§ **What you will do**
Begin with the first line of the listing and quote every line through the one containing "## User Instruction"; give only those lines.

══ The data ══

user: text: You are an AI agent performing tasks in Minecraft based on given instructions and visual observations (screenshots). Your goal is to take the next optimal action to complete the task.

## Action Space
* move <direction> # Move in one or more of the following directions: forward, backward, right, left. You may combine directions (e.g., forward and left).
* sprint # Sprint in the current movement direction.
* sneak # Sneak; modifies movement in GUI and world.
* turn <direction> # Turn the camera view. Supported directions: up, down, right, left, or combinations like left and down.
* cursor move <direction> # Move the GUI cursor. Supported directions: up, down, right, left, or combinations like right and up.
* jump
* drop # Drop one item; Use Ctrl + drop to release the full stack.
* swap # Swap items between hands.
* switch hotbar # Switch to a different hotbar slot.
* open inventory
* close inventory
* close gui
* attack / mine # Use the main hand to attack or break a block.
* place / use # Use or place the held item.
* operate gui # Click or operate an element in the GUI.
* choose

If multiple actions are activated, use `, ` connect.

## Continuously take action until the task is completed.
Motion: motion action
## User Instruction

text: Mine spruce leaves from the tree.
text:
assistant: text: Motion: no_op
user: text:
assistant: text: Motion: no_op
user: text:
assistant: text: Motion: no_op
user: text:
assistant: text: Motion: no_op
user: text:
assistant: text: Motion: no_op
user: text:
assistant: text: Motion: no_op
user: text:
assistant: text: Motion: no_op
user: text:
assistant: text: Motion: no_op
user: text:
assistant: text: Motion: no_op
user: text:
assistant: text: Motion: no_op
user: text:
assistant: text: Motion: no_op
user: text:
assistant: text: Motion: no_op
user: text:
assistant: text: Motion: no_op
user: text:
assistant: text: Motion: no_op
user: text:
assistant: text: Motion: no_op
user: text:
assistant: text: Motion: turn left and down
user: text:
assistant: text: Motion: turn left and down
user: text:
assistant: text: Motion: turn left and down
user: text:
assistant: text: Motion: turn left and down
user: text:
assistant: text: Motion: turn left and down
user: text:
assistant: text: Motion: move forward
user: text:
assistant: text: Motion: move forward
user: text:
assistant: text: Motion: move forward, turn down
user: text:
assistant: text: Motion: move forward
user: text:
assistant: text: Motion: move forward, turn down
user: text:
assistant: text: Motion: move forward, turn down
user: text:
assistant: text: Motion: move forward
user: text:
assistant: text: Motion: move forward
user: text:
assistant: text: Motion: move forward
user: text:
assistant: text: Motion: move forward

═══

§ **Response to this exercise**
user: text: You are an AI agent performing tasks in Minecraft based on given instructions and visual observations (screenshots). Your goal is to take the next optimal action to complete the task.

## Action Space
* move <direction> # Move in one or more of the following directions: forward, backward, right, left. You may combine directions (e.g., forward and left).
* sprint # Sprint in the current movement direction.
* sneak # Sneak; modifies movement in GUI and world.
* turn <direction> # Turn the camera view. Supported directions: up, down, right, left, or combinations like left and down.
* cursor move <direction> # Move the GUI cursor. Supported directions: up, down, right, left, or combinations like right and up.
* jump
* drop # Drop one item; Use Ctrl + drop to release the full stack.
* swap # Swap items between hands.
* switch hotbar # Switch to a different hotbar slot.
* open inventory
* close inventory
* close gui
* attack / mine # Use the main hand to attack or break a block.
* place / use # Use or place the held item.
* operate gui # Click or operate an element in the GUI.
* choose

If multiple actions are activated, use `, ` connect.

## Continuously take action until the task is completed.
Motion: motion action
## User Instruction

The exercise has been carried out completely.